Usage

Run Batch of Jobs

cluster_utils provides two main commands to run batches of jobs on the cluster:

  • grid_search: Simple grid search over specified parameter ranges.

  • hp_optimization: Uses sampling-based optimization to search for best combination of hyperparameters within the specified ranges.

They are both run as modules via python -m and expect a configuration file as argument:

python3 -m cluster_utils.grid_search config_for_grid_search.json

python3 -m cluster_utils.hp_optimization config_for_hp_optim.json

See Configuration for information on the expected structure of the config file (note that there are differences between the two methods!).

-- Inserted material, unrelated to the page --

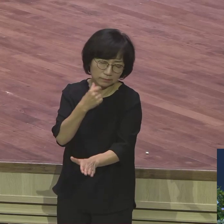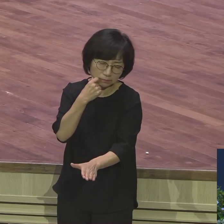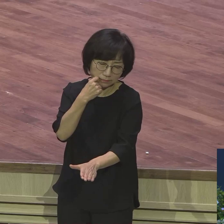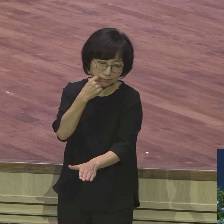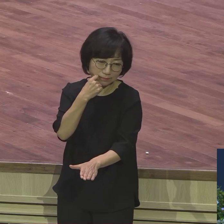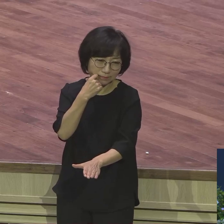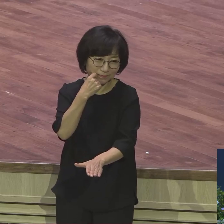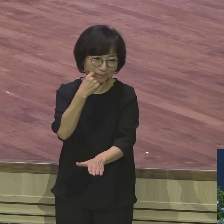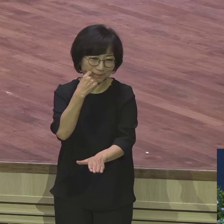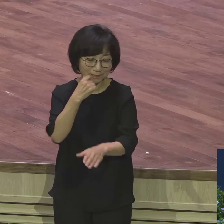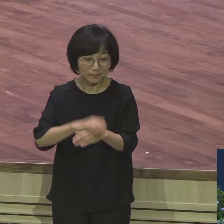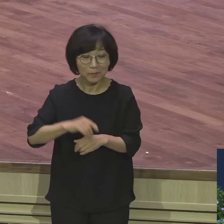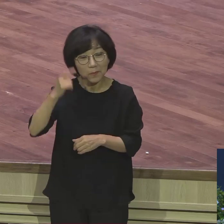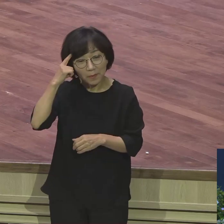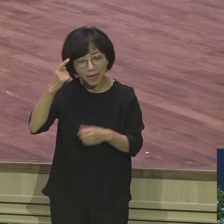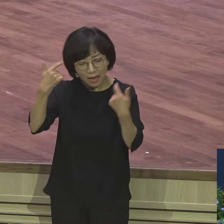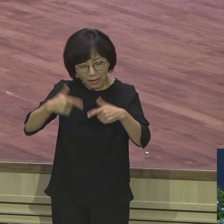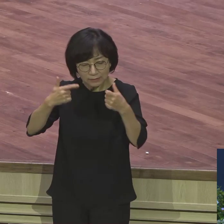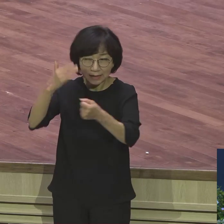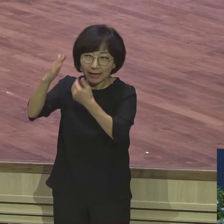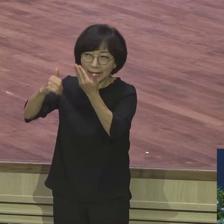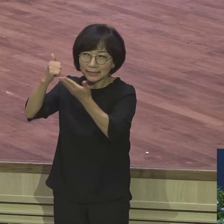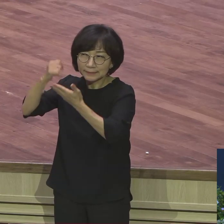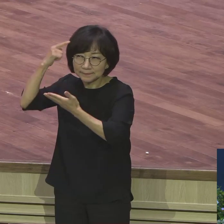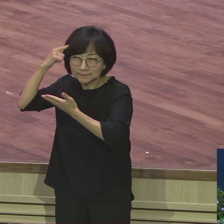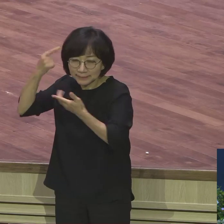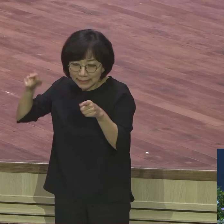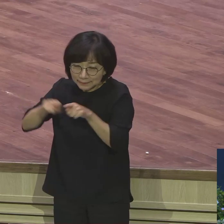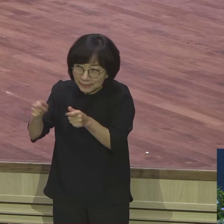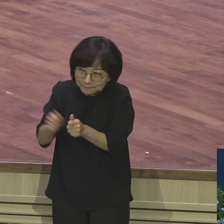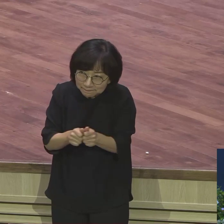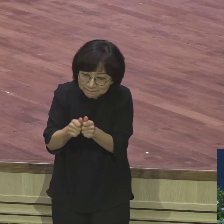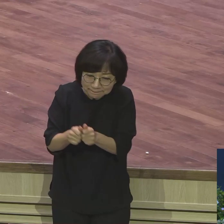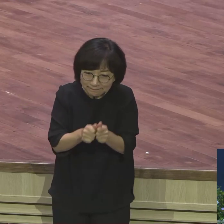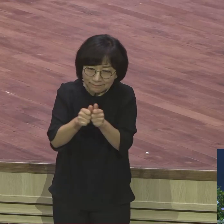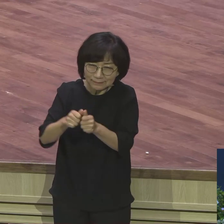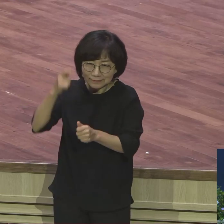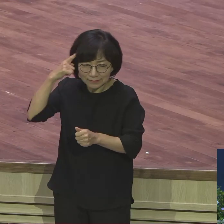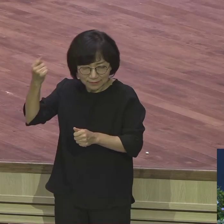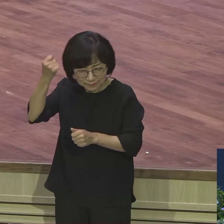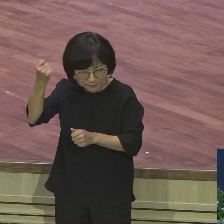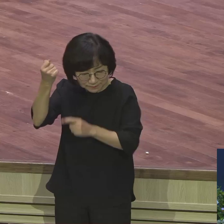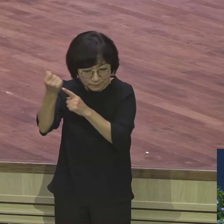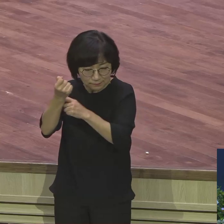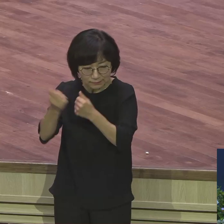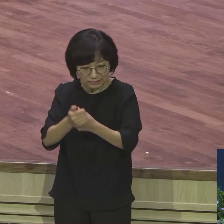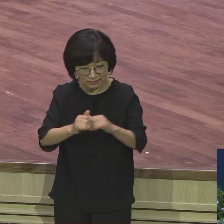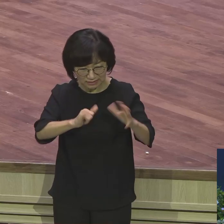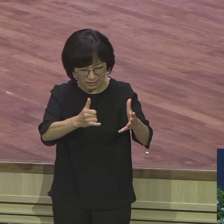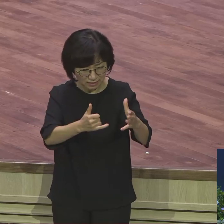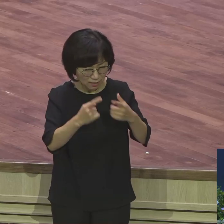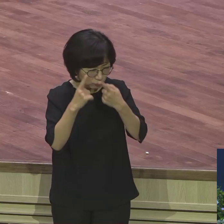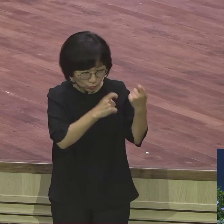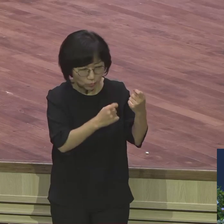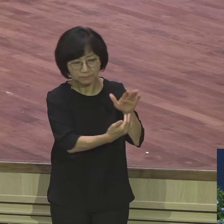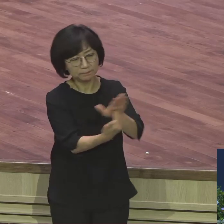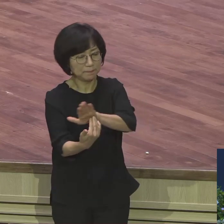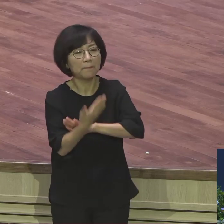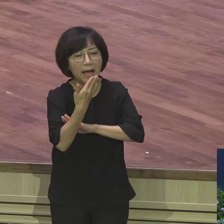함께 하신 하나님의 의식하고 살아기 때문에 세상 유혹을 이길 수가 있었어요 요셉은 결국 뭐요 보디바레

Optionally, a list of key-value arguments can be provided in addition, to overwrite single settings from the config file. Use dot-notation to specify nested keys. Example:

python3 -m cluster_utils.hp_optimization config.json \
  'results_dir="/tmp"' 'optimization_setting.run_local=True'

Both commands can also be run with --help to get a complete list of arguments.

You can abort cluster_utils with Ctrl + C at any time. All running jobs are stopped, and submitted jobs are removed from the cluster queue.

Interactive Mode

While cluster_utils is running, it is possible to enter a command prompt which allows to get some information about finished and running jobs, as well as to stop running jobs.

To enter the command prompt, press ESC. You should now see the following prompt:

Enter command, e.g.  list_jobs, list_running_jobs, list_successful_jobs,
list_idle_jobs, show_job, stop_remaining_jobs
>>>

You now may enter one of the listed commands or simply press Enter to leave the prompt without executing a command.

Important

While the prompt is open, the main loop is blocked, i.e. no new jobs will be submitted during that time.

Commands

list_jobs

List IDs of all jobs that have been submitted so far (including finished ones).

list_running_jobs

List IDs of all jobs that are currently running.

list_successful_jobs

List IDs of all jobs that finished successfully.

list_idle_jobs

List IDs of all jobs that have been submitted but not yet started.

show_job

Will ask for a job ID and show information about this job.

stop_remaining_jobs

Abort all currently running jobs as well as jobs that already have been submitted but didn’t start yet.

This will not stop submission of new jobs. If you want to stop cluster_utils completely, press Ctrl + C instead.